**Brief**.
Restate the records so that not a single word differs.
------------------------------------------------
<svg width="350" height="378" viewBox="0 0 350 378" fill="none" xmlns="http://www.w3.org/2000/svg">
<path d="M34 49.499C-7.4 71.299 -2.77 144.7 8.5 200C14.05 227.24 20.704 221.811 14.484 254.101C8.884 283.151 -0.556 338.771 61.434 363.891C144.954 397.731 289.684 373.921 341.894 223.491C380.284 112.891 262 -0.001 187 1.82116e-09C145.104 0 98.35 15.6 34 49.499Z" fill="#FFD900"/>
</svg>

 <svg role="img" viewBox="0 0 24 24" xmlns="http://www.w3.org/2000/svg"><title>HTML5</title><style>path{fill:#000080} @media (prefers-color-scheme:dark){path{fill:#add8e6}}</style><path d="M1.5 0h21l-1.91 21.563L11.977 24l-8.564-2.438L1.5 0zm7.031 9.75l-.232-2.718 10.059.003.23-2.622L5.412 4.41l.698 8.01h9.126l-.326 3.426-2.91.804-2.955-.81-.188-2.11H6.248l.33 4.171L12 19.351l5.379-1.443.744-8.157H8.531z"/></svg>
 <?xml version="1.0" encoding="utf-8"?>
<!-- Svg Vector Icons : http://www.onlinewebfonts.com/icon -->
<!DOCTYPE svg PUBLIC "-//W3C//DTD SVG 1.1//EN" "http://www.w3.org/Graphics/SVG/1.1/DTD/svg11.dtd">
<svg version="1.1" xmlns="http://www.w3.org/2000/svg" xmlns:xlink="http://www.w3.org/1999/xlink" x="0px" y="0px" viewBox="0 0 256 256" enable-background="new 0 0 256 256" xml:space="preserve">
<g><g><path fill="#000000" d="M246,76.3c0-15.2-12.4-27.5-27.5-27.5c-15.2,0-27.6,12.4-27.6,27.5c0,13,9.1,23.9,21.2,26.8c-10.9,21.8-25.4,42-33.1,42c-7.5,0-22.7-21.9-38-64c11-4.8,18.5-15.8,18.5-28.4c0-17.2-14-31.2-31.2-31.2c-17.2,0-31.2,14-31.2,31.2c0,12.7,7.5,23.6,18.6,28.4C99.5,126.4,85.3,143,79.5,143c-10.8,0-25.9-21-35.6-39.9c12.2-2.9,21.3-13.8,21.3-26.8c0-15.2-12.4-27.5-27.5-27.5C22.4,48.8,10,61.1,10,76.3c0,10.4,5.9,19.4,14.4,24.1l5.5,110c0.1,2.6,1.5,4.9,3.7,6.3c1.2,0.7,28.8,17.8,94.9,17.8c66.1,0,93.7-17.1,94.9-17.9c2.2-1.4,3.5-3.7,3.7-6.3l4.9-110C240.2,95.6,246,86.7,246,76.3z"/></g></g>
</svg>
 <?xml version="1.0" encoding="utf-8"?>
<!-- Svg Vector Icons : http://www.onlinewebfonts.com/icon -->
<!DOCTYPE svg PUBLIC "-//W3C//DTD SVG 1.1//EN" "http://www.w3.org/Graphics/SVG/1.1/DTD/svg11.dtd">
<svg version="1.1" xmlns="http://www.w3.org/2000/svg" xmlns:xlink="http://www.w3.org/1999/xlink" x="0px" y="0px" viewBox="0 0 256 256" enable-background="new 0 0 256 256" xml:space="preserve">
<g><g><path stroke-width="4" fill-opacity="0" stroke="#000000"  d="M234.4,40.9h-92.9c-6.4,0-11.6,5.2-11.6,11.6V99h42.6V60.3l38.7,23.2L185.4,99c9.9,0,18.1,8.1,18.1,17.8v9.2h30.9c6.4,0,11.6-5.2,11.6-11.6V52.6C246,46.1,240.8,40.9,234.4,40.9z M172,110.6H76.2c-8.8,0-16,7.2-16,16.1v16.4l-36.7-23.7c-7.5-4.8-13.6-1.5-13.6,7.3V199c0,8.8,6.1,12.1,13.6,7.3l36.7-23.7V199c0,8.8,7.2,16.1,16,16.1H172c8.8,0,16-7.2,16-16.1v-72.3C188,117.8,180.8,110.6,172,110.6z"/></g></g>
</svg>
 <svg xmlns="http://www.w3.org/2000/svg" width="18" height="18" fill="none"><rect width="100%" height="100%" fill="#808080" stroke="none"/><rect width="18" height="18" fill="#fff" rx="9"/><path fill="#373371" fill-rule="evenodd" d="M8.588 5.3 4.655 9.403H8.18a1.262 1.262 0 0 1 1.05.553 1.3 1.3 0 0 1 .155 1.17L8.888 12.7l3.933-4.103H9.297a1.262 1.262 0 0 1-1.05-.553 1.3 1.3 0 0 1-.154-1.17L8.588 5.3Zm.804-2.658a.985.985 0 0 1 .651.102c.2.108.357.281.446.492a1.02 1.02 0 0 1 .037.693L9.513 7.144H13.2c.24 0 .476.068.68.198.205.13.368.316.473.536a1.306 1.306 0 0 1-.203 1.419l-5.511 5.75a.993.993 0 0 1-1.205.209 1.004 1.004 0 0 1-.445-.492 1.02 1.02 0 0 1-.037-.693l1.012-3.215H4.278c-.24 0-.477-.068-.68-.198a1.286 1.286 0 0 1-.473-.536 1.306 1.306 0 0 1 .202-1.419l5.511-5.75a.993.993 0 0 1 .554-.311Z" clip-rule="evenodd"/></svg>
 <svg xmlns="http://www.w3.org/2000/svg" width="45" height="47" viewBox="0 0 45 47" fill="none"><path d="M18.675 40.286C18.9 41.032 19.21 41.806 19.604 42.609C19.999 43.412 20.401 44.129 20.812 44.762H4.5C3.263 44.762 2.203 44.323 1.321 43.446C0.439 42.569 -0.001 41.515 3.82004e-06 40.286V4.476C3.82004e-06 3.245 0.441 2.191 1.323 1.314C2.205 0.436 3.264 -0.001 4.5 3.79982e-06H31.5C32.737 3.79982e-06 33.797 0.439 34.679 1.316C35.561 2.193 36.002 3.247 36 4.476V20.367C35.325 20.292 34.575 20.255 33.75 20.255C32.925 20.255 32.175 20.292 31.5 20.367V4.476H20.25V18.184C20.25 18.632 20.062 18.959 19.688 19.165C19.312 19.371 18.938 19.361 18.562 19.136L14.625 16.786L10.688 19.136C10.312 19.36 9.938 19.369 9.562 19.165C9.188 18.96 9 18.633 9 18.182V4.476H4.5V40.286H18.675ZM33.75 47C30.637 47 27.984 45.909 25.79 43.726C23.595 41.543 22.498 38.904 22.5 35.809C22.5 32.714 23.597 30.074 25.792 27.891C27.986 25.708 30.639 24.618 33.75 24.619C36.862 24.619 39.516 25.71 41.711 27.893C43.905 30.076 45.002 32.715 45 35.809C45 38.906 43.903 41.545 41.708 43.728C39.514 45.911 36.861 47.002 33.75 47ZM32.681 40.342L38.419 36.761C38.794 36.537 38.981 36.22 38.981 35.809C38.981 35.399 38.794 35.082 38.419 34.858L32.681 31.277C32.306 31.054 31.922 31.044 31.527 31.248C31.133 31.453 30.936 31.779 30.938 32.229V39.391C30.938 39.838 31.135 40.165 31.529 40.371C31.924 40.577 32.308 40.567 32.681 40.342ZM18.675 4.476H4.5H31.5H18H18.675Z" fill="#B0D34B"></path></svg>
------------------------------------------------
**Solution**.
<svg width="350" height="378" viewBox="0 0 350 378" fill="none" xmlns="http://www.w3.org/2000/svg">
<path d="M34 49.499C-7.4 71.299 -2.77 144.7 8.5 200C14.05 227.24 20.704 221.811 14.484 254.101C8.884 283.151 -0.556 338.771 61.434 363.891C144.954 397.731 289.684 373.921 341.894 223.491C380.284 112.891 262 -0.001 187 1.82116e-09C145.104 0 98.35 15.6 34 49.499Z" fill="#FFD900"/>
</svg>

 <svg role="img" viewBox="0 0 24 24" xmlns="http://www.w3.org/2000/svg"><title>HTML5</title><style>path{fill:#000080} @media (prefers-color-scheme:dark){path{fill:#add8e6}}</style><path d="M1.5 0h21l-1.91 21.563L11.977 24l-8.564-2.438L1.5 0zm7.031 9.75l-.232-2.718 10.059.003.23-2.622L5.412 4.41l.698 8.01h9.126l-.326 3.426-2.91.804-2.955-.81-.188-2.11H6.248l.33 4.171L12 19.351l5.379-1.443.744-8.157H8.531z"/></svg>
 <?xml version="1.0" encoding="utf-8"?>
<!-- Svg Vector Icons : http://www.onlinewebfonts.com/icon -->
<!DOCTYPE svg PUBLIC "-//W3C//DTD SVG 1.1//EN" "http://www.w3.org/Graphics/SVG/1.1/DTD/svg11.dtd">
<svg version="1.1" xmlns="http://www.w3.org/2000/svg" xmlns:xlink="http://www.w3.org/1999/xlink" x="0px" y="0px" viewBox="0 0 256 256" enable-background="new 0 0 256 256" xml:space="preserve">
<g><g><path fill="#000000" d="M246,76.3c0-15.2-12.4-27.5-27.5-27.5c-15.2,0-27.6,12.4-27.6,27.5c0,13,9.1,23.9,21.2,26.8c-10.9,21.8-25.4,42-33.1,42c-7.5,0-22.7-21.9-38-64c11-4.8,18.5-15.8,18.5-28.4c0-17.2-14-31.2-31.2-31.2c-17.2,0-31.2,14-31.2,31.2c0,12.7,7.5,23.6,18.6,28.4C99.5,126.4,85.3,143,79.5,143c-10.8,0-25.9-21-35.6-39.9c12.2-2.9,21.3-13.8,21.3-26.8c0-15.2-12.4-27.5-27.5-27.5C22.4,48.8,10,61.1,10,76.3c0,10.4,5.9,19.4,14.4,24.1l5.5,110c0.1,2.6,1.5,4.9,3.7,6.3c1.2,0.7,28.8,17.8,94.9,17.8c66.1,0,93.7-17.1,94.9-17.9c2.2-1.4,3.5-3.7,3.7-6.3l4.9-110C240.2,95.6,246,86.7,246,76.3z"/></g></g>
</svg>
 <?xml version="1.0" encoding="utf-8"?>
<!-- Svg Vector Icons : http://www.onlinewebfonts.com/icon -->
<!DOCTYPE svg PUBLIC "-//W3C//DTD SVG 1.1//EN" "http://www.w3.org/Graphics/SVG/1.1/DTD/svg11.dtd">
<svg version="1.1" xmlns="http://www.w3.org/2000/svg" xmlns:xlink="http://www.w3.org/1999/xlink" x="0px" y="0px" viewBox="0 0 256 256" enable-background="new 0 0 256 256" xml:space="preserve">
<g><g><path stroke-width="4" fill-opacity="0" stroke="#000000"  d="M234.4,40.9h-92.9c-6.4,0-11.6,5.2-11.6,11.6V99h42.6V60.3l38.7,23.2L185.4,99c9.9,0,18.1,8.1,18.1,17.8v9.2h30.9c6.4,0,11.6-5.2,11.6-11.6V52.6C246,46.1,240.8,40.9,234.4,40.9z M172,110.6H76.2c-8.8,0-16,7.2-16,16.1v16.4l-36.7-23.7c-7.5-4.8-13.6-1.5-13.6,7.3V199c0,8.8,6.1,12.1,13.6,7.3l36.7-23.7V199c0,8.8,7.2,16.1,16,16.1H172c8.8,0,16-7.2,16-16.1v-72.3C188,117.8,180.8,110.6,172,110.6z"/></g></g>
</svg>
 <svg xmlns="http://www.w3.org/2000/svg" width="18" height="18" fill="none"><rect width="100%" height="100%" fill="#808080" stroke="none"/><rect width="18" height="18" fill="#fff" rx="9"/><path fill="#373371" fill-rule="evenodd" d="M8.588 5.3 4.655 9.403H8.18a1.262 1.262 0 0 1 1.05.553 1.3 1.3 0 0 1 .155 1.17L8.888 12.7l3.933-4.103H9.297a1.262 1.262 0 0 1-1.05-.553 1.3 1.3 0 0 1-.154-1.17L8.588 5.3Zm.804-2.658a.985.985 0 0 1 .651.102c.2.108.357.281.446.492a1.02 1.02 0 0 1 .037.693L9.513 7.144H13.2c.24 0 .476.068.68.198.205.13.368.316.473.536a1.306 1.306 0 0 1-.203 1.419l-5.511 5.75a.993.993 0 0 1-1.205.209 1.004 1.004 0 0 1-.445-.492 1.02 1.02 0 0 1-.037-.693l1.012-3.215H4.278c-.24 0-.477-.068-.68-.198a1.286 1.286 0 0 1-.473-.536 1.306 1.306 0 0 1 .202-1.419l5.511-5.75a.993.993 0 0 1 .554-.311Z" clip-rule="evenodd"/></svg>
 <svg xmlns="http://www.w3.org/2000/svg" width="45" height="47" viewBox="0 0 45 47" fill="none"><path d="M18.675 40.286C18.9 41.032 19.21 41.806 19.604 42.609C19.999 43.412 20.401 44.129 20.812 44.762H4.5C3.263 44.762 2.203 44.323 1.321 43.446C0.439 42.569 -0.001 41.515 3.82004e-06 40.286V4.476C3.82004e-06 3.245 0.441 2.191 1.323 1.314C2.205 0.436 3.264 -0.001 4.5 3.79982e-06H31.5C32.737 3.79982e-06 33.797 0.439 34.679 1.316C35.561 2.193 36.002 3.247 36 4.476V20.367C35.325 20.292 34.575 20.255 33.75 20.255C32.925 20.255 32.175 20.292 31.5 20.367V4.476H20.25V18.184C20.25 18.632 20.062 18.959 19.688 19.165C19.312 19.371 18.938 19.361 18.562 19.136L14.625 16.786L10.688 19.136C10.312 19.36 9.938 19.369 9.562 19.165C9.188 18.96 9 18.633 9 18.182V4.476H4.5V40.286H18.675ZM33.75 47C30.637 47 27.984 45.909 25.79 43.726C23.595 41.543 22.498 38.904 22.5 35.809C22.5 32.714 23.597 30.074 25.792 27.891C27.986 25.708 30.639 24.618 33.75 24.619C36.862 24.619 39.516 25.71 41.711 27.893C43.905 30.076 45.002 32.715 45 35.809C45 38.906 43.903 41.545 41.708 43.728C39.514 45.911 36.861 47.002 33.75 47ZM32.681 40.342L38.419 36.761C38.794 36.537 38.981 36.22 38.981 35.809C38.981 35.399 38.794 35.082 38.419 34.858L32.681 31.277C32.306 31.054 31.922 31.044 31.527 31.248C31.133 31.453 30.936 31.779 30.938 32.229V39.391C30.938 39.838 31.135 40.165 31.529 40.371C31.924 40.577 32.308 40.567 32.681 40.342ZM18.675 4.476H4.5H31.5H18H18.675Z" fill="#B0D34B"></path></svg>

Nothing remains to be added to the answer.